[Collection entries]

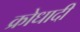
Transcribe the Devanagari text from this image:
क्रोधादी
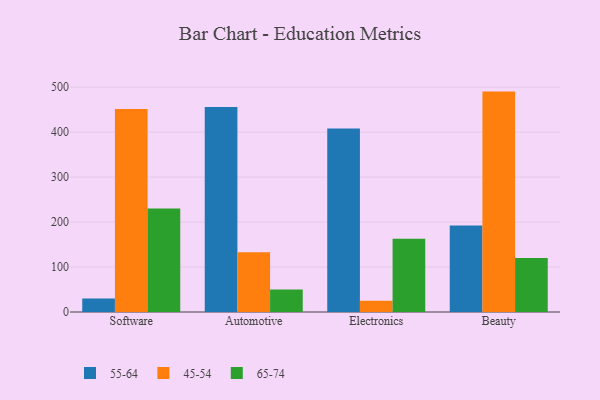
{"axis": {"x": "Category", "y": "Bounce Rate (%)"}, "legend": ["45-54", "55-64", "65-74"], "data": [{"x": "Software", "y": 30.1, "type": "55-64"}, {"x": "Software", "y": 451.5, "type": "45-54"}, {"x": "Software", "y": 230.4, "type": "65-74"}, {"x": "Automotive", "y": 456.2, "type": "55-64"}, {"x": "Automotive", "y": 133.1, "type": "45-54"}, {"x": "Automotive", "y": 50.0, "type": "65-74"}, {"x": "Electronics", "y": 408.4, "type": "55-64"}, {"x": "Electronics", "y": 25.0, "type": "45-54"}, {"x": "Electronics", "y": 162.9, "type": "65-74"}, {"x": "Beauty", "y": 192.7, "type": "55-64"}, {"x": "Beauty", "y": 490.3, "type": "45-54"}, {"x": "Beauty", "y": 120.2, "type": "65-74"}]}
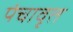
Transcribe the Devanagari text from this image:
पंचावृत
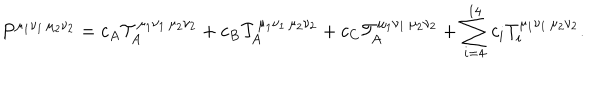
P ^ { \mu _ { 1 } \nu _ { 1 } \, \mu _ { 2 } \nu _ { 2 } } = c _ { A } { \cal T } _ { A } ^ { \mu _ { 1 } \nu _ { 1 } \, \mu _ { 2 } \nu _ { 2 } } + c _ { B } { \cal T } _ { A } ^ { \mu _ { 1 } \nu _ { 1 } \, \mu _ { 2 } \nu _ { 2 } } + c _ { C } { \cal T } _ { A } ^ { \mu _ { 1 } \nu _ { 1 } \, \mu _ { 2 } \nu _ { 2 } } + \sum _ { i = 4 } ^ { 1 4 } c _ { i } T _ { i } ^ { \mu _ { 1 } \nu _ { 1 } \, \mu _ { 2 } \nu _ { 2 } } .
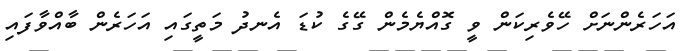
އަހަރެންނަށް ހޭވެރިކަން ވީ ގޮއްޔެމެން ގޭގެ ކުޑަ އެނދު މަތީގައި އަހަރެން ބާއްވާފައި
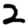
Digit: 2
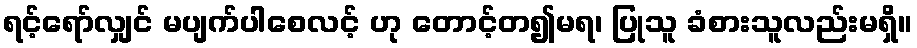
ရင့်ရော်လျှင် မပျက်ပါစေလင့် ဟု တောင့်တ၍မရ၊ ပြုသူ ခံစားသူလည်းမရှိ။
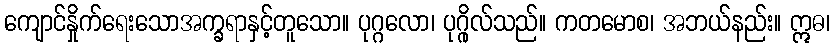
ကျောင်နှိုက်ရေးသောအက္ခရာနှင့်တူသော။ ပုဂ္ဂလော၊ ပုဂ္ဂိုလ်သည်။ ကတမောစ၊ အဘယ်နည်း။ ဣဓ၊
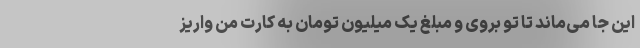
این جا می‌ماند تا تو بروی و مبلغ یک میلیون تومان به کارت من واریز
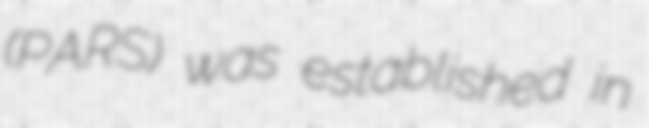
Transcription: (PARS) was established in
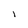
Character: 1
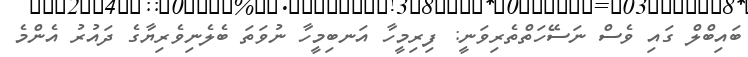
ބައިބްލް ގައި ވެސް ނަސޭހަތްތެރިވަނީ: ފިރިމީހާ އަނބިމީހާ ނުވަތަ ބެލެނިވެރިޔާގެ ދައުރު އެންމެ
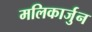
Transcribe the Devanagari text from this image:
मलिकार्जुन
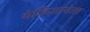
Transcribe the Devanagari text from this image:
येलिज़ावेता
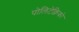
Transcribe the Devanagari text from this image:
पोलिटेक्निको
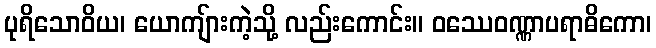
ပုရိသောဝိယ၊ ယောကျ်ားကဲ့သို့ လည်းကောင်း။ ဝဿေဝဏ္ဏာပရာဓိကော၊
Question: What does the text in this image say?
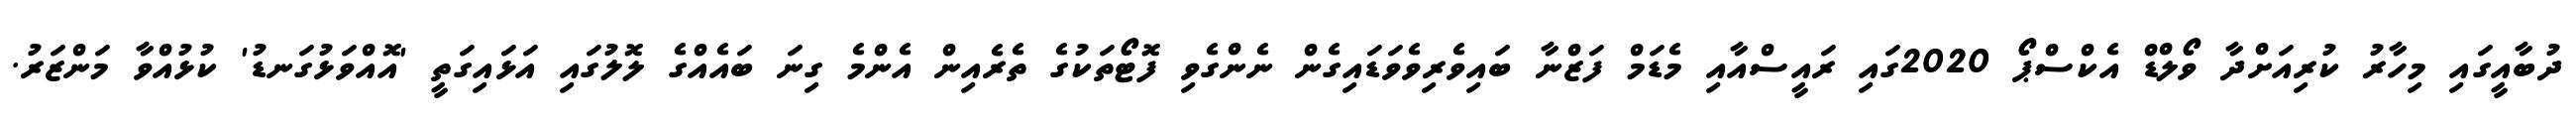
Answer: ދުބާއީގައި މިހާރު ކުރިއަށްދާ ވޯލްޑް އެކްސްޕޯ 2020ގައި ރައީސްއާއި މެޑަމް ފަޒްނާ ބައިވެރިވެވަޑައިގެން ނެންގެވި ފޮޓޯތަކުގެ ތެރެއިން އެންމެ ގިނަ ބައެއްގެ ލޮލުގައި އަޅައިގަތީ 'އޮއްވަޅުގަނޑު' ކުޅުއްވާ މަންޒަރު.
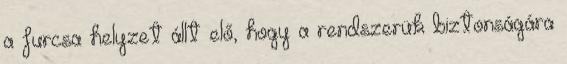
a furcsa helyzet állt elő, hogy a rendszerük biztonságára
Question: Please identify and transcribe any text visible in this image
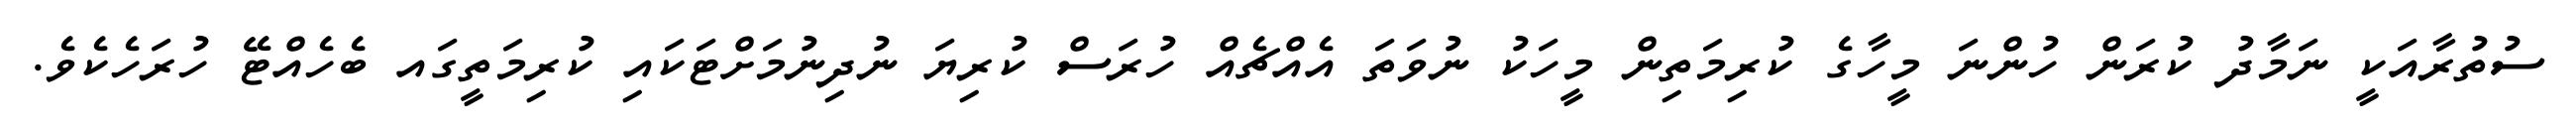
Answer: ސުތުރާއަކީ ނަމާދު ކުރަން ހުންނަ މީހާގެ ކުރިމަތިން މީހަކު ނުވަތަ އެއްޗެއް ހުރަސް ކުރިޔަ ނުދިނުމަށްޓަކައި ކުރިމަތީގައ ބެހެއްޓޭ ހުރަހެކެވެ.
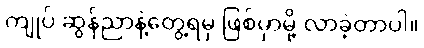
ကျုပ် ဆွန်ညာနဲ့တွေ့ရမှ ဖြစ်မှာမို့ လာခဲ့တာပါ။
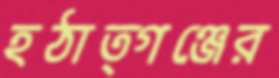
হঠাত্গঞ্জের
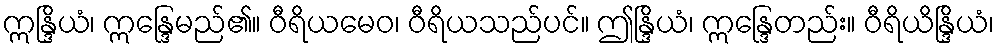
ဣန္ဒြိယံ၊ ဣန္ဒြေမည်၏။ ဝီရိယမေဝ၊ ဝီရိယသည်ပင်။ ဤန္ဒြိယံ၊ ဣန္ဒြေတည်း။ ဝီရိယိန္ဒြိယံ၊

→ YOUR OBJECTIVE: Give again, word for word, every line from the top of the data through the line with "Character: 1", both ends included, and exclude the pictures.

→ RESULT OF THE TASK:
Transcribe the Devanagari text from this image:
क्रोधादी
{"axis": {"x": "Category", "y": "Bounce Rate (%)"}, "legend": ["45-54", "55-64", "65-74"], "data": [{"x": "Software", "y": 30.1, "type": "55-64"}, {"x": "Software", "y": 451.5, "type": "45-54"}, {"x": "Software", "y": 230.4, "type": "65-74"}, {"x": "Automotive", "y": 456.2, "type": "55-64"}, {"x": "Automotive", "y": 133.1, "type": "45-54"}, {"x": "Automotive", "y": 50.0, "type": "65-74"}, {"x": "Electronics", "y": 408.4, "type": "55-64"}, {"x": "Electronics", "y": 25.0, "type": "45-54"}, {"x": "Electronics", "y": 162.9, "type": "65-74"}, {"x": "Beauty", "y": 192.7, "type": "55-64"}, {"x": "Beauty", "y": 490.3, "type": "45-54"}, {"x": "Beauty", "y": 120.2, "type": "65-74"}]}
Transcribe the Devanagari text from this image:
पंचावृत
P ^ { \mu _ { 1 } \nu _ { 1 } \, \mu _ { 2 } \nu _ { 2 } } = c _ { A } { \cal T } _ { A } ^ { \mu _ { 1 } \nu _ { 1 } \, \mu _ { 2 } \nu _ { 2 } } + c _ { B } { \cal T } _ { A } ^ { \mu _ { 1 } \nu _ { 1 } \, \mu _ { 2 } \nu _ { 2 } } + c _ { C } { \cal T } _ { A } ^ { \mu _ { 1 } \nu _ { 1 } \, \mu _ { 2 } \nu _ { 2 } } + \sum _ { i = 4 } ^ { 1 4 } c _ { i } T _ { i } ^ { \mu _ { 1 } \nu _ { 1 } \, \mu _ { 2 } \nu _ { 2 } } .
އަހަރެންނަށް ހޭވެރިކަން ވީ ގޮއްޔެމެން ގޭގެ ކުޑަ އެނދު މަތީގައި އަހަރެން ބާއްވާފައި
Digit: 2
ရင့်ရော်လျှင် မပျက်ပါစေလင့် ဟု တောင့်တ၍မရ၊ ပြုသူ ခံစားသူလည်းမရှိ။
ကျောင်နှိုက်ရေးသောအက္ခရာနှင့်တူသော။ ပုဂ္ဂလော၊ ပုဂ္ဂိုလ်သည်။ ကတမောစ၊ အဘယ်နည်း။ ဣဓ၊
این جا می‌ماند تا تو بروی و مبلغ یک میلیون تومان به کارت من واریز
Transcription: (PARS) was established in
Character: 1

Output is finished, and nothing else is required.